• _Material provided_:
● ● ●

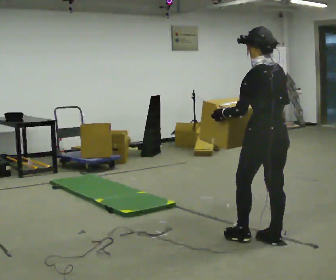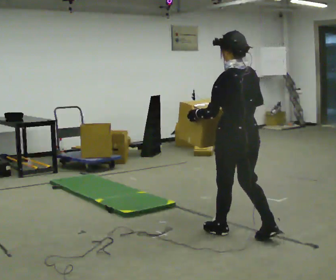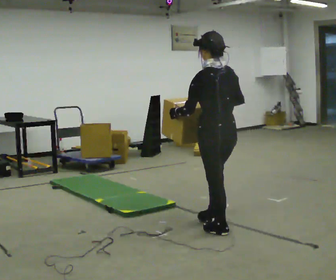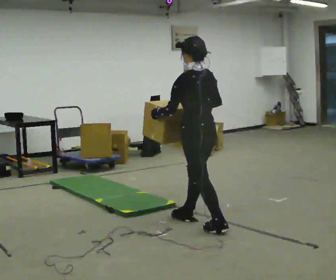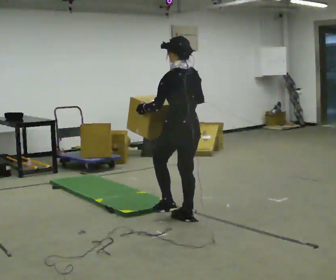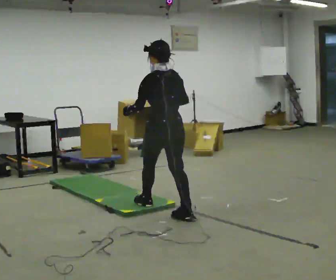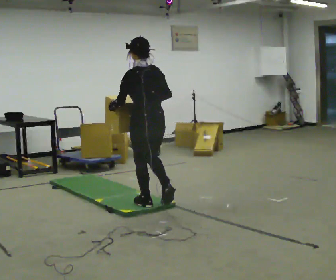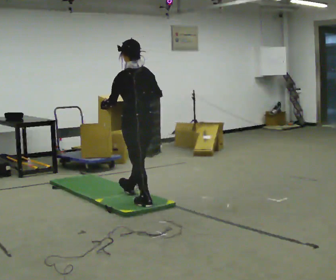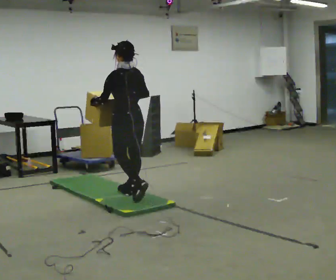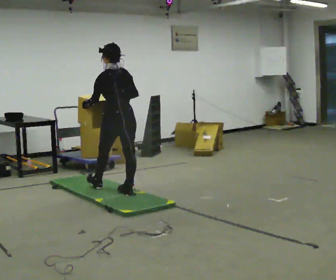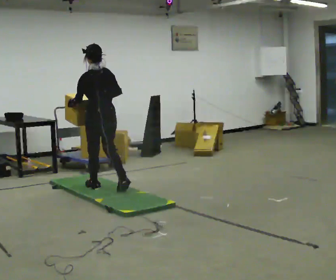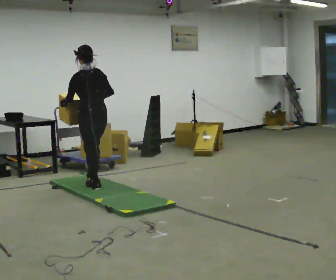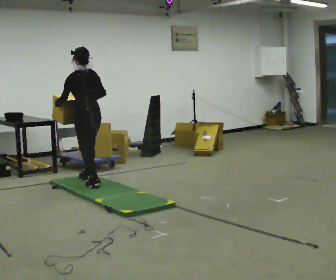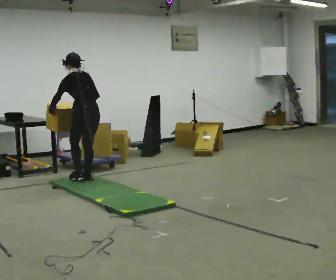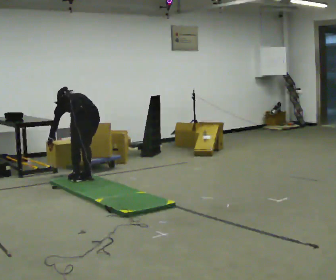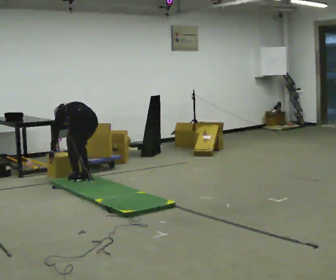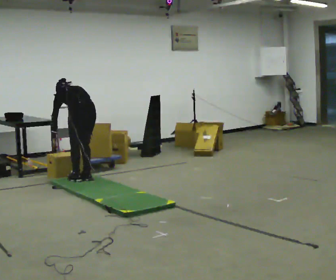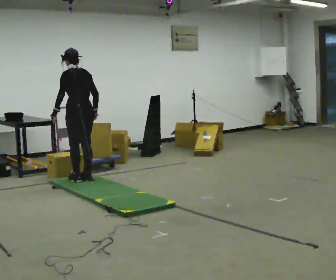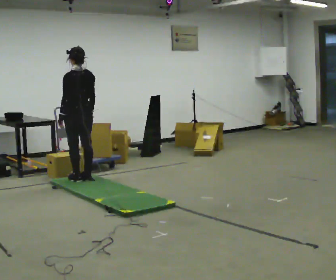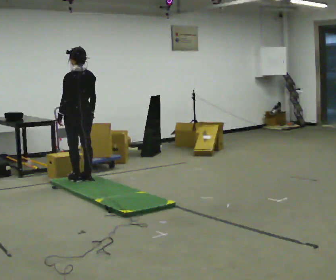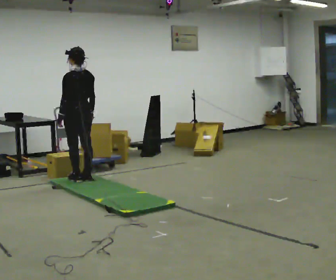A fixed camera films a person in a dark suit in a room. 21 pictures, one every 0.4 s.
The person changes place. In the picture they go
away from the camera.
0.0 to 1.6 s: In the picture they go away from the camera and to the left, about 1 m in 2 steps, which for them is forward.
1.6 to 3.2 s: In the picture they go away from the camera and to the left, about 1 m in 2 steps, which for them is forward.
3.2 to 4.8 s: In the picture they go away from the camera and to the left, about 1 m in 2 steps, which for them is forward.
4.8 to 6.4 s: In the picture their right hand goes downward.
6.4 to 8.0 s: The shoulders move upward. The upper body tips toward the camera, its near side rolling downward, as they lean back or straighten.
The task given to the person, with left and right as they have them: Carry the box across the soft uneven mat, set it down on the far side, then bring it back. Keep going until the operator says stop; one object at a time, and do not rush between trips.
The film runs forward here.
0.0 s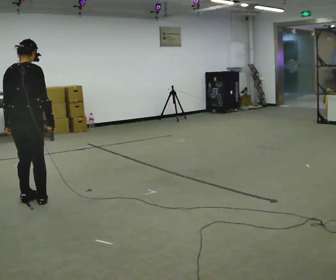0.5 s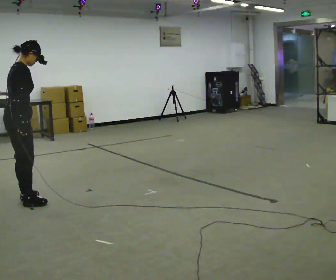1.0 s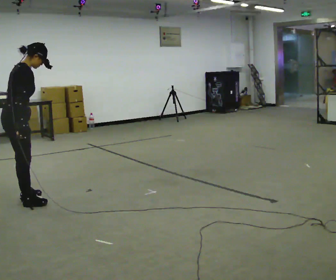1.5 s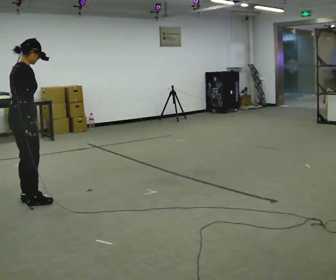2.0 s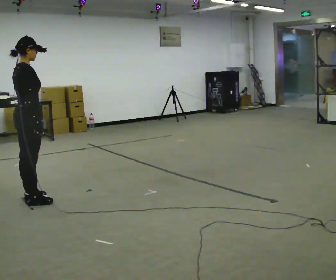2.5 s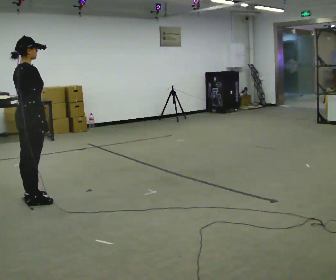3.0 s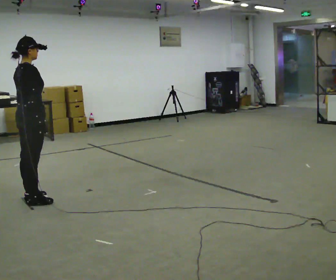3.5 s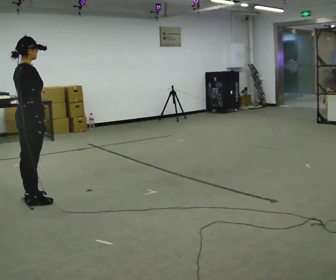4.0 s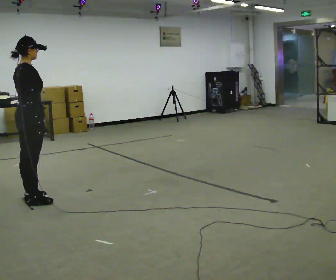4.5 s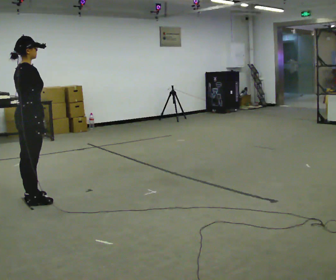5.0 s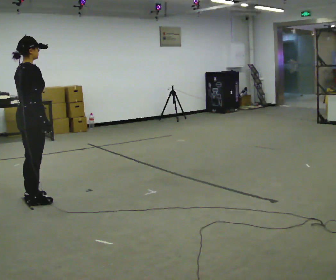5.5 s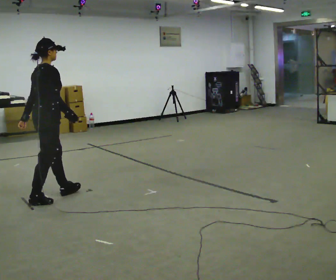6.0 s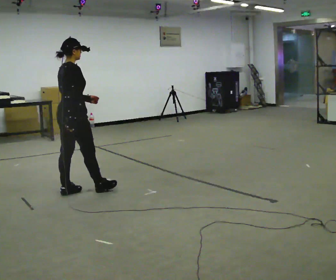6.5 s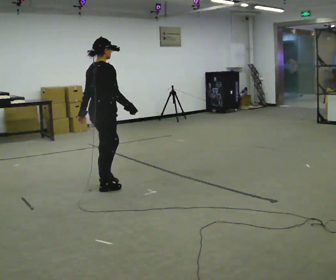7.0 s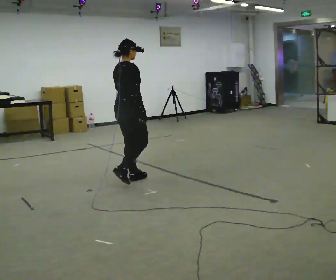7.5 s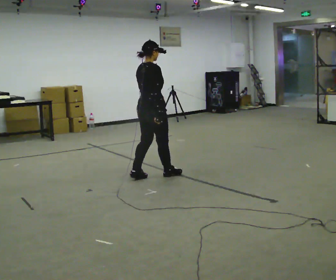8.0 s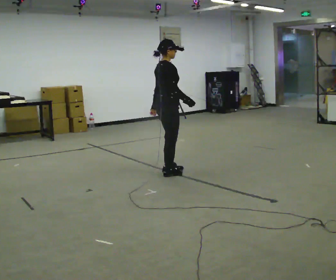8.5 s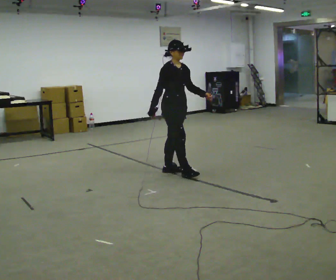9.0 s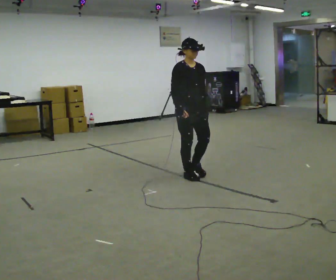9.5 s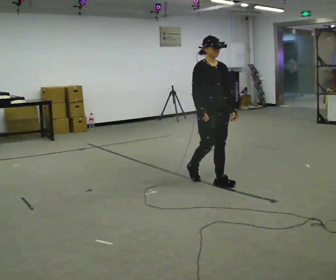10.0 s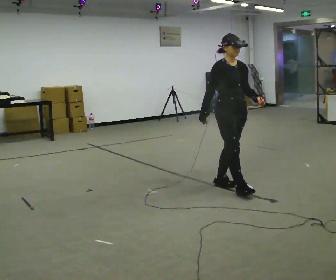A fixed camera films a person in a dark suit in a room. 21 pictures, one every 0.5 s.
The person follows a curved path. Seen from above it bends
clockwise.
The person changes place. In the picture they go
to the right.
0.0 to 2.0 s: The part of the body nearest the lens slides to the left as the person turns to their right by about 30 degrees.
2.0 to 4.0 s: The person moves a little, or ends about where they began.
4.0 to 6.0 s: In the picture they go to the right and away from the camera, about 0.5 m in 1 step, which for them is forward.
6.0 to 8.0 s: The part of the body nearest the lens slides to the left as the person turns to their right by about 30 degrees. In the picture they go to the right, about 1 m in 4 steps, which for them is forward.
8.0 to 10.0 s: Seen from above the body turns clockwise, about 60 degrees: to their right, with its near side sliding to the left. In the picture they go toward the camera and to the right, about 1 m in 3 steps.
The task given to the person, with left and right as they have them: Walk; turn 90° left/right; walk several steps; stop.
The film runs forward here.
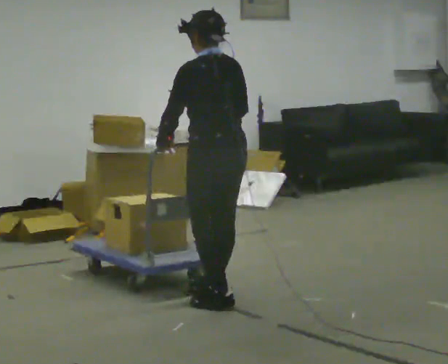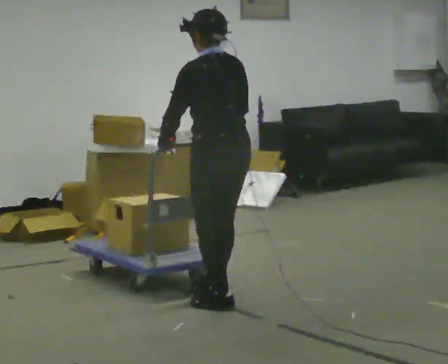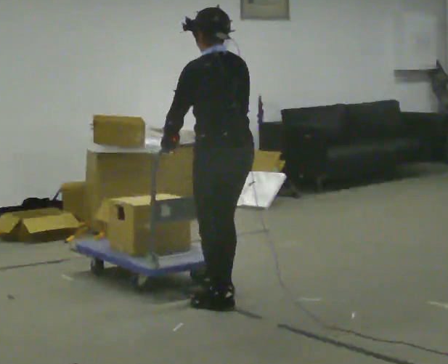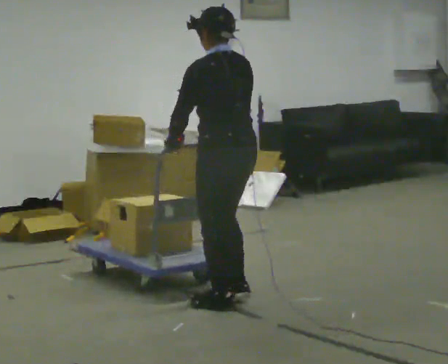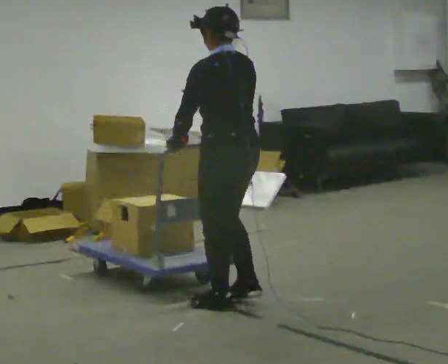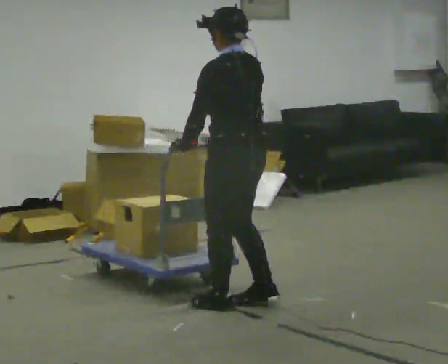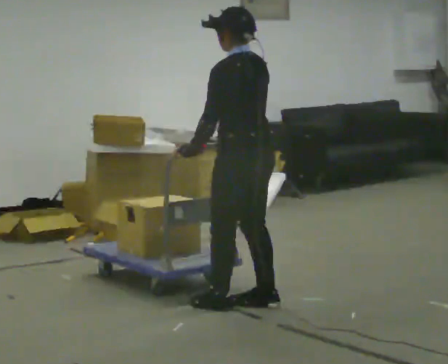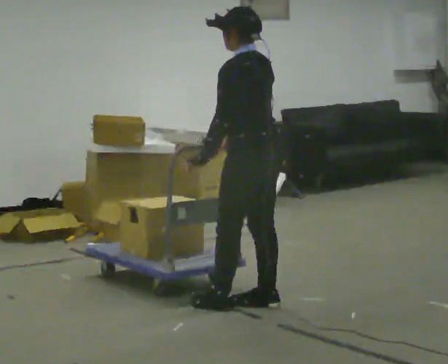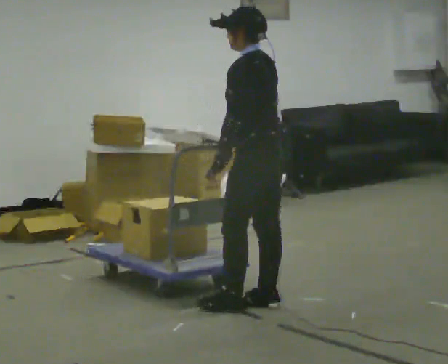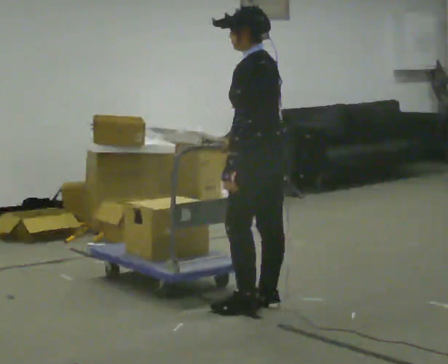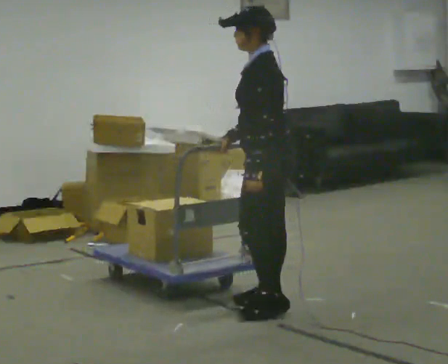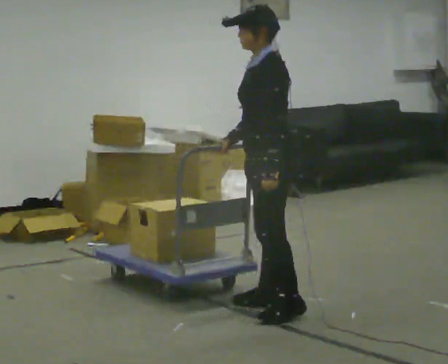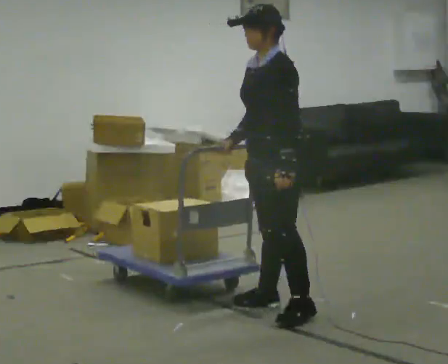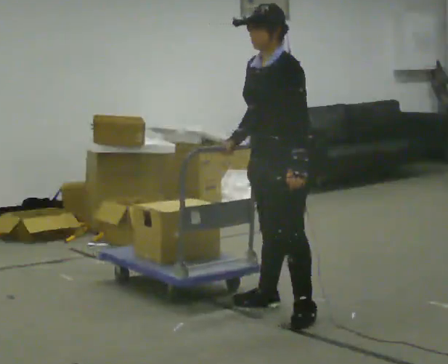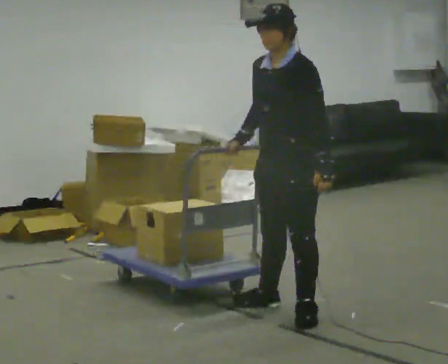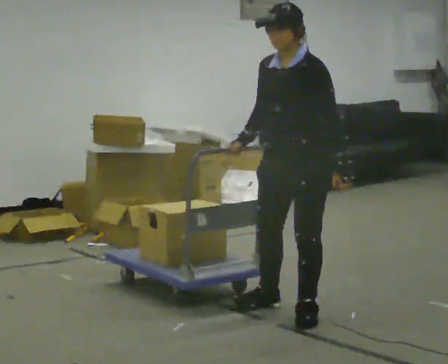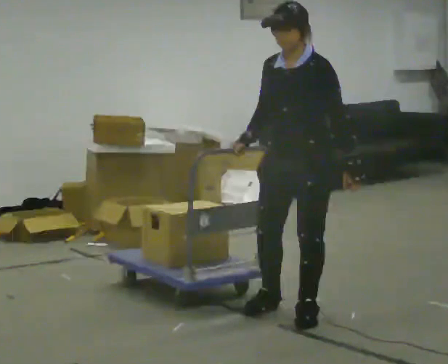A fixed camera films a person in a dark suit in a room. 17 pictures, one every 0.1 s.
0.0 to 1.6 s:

● ● ●

The line containing "The person follows" and every line after it, through the end of the material above, are to be printed exactly; no pictures belong in the output.

• _Response area_:
The person follows a curved path. Seen from above it bends
clockwise.
The person changes place. In the picture they go
to the right.
0.0 to 2.0 s: The part of the body nearest the lens slides to the left as the person turns to their right by about 30 degrees.
2.0 to 4.0 s: The person moves a little, or ends about where they began.
4.0 to 6.0 s: In the picture they go to the right and away from the camera, about 0.5 m in 1 step, which for them is forward.
6.0 to 8.0 s: The part of the body nearest the lens slides to the left as the person turns to their right by about 30 degrees. In the picture they go to the right, about 1 m in 4 steps, which for them is forward.
8.0 to 10.0 s: Seen from above the body turns clockwise, about 60 degrees: to their right, with its near side sliding to the left. In the picture they go toward the camera and to the right, about 1 m in 3 steps.
The task given to the person, with left and right as they have them: Walk; turn 90° left/right; walk several steps; stop.
The film runs forward here.
A fixed camera films a person in a dark suit in a room. 17 pictures, one every 0.1 s.
0.0 to 1.6 s:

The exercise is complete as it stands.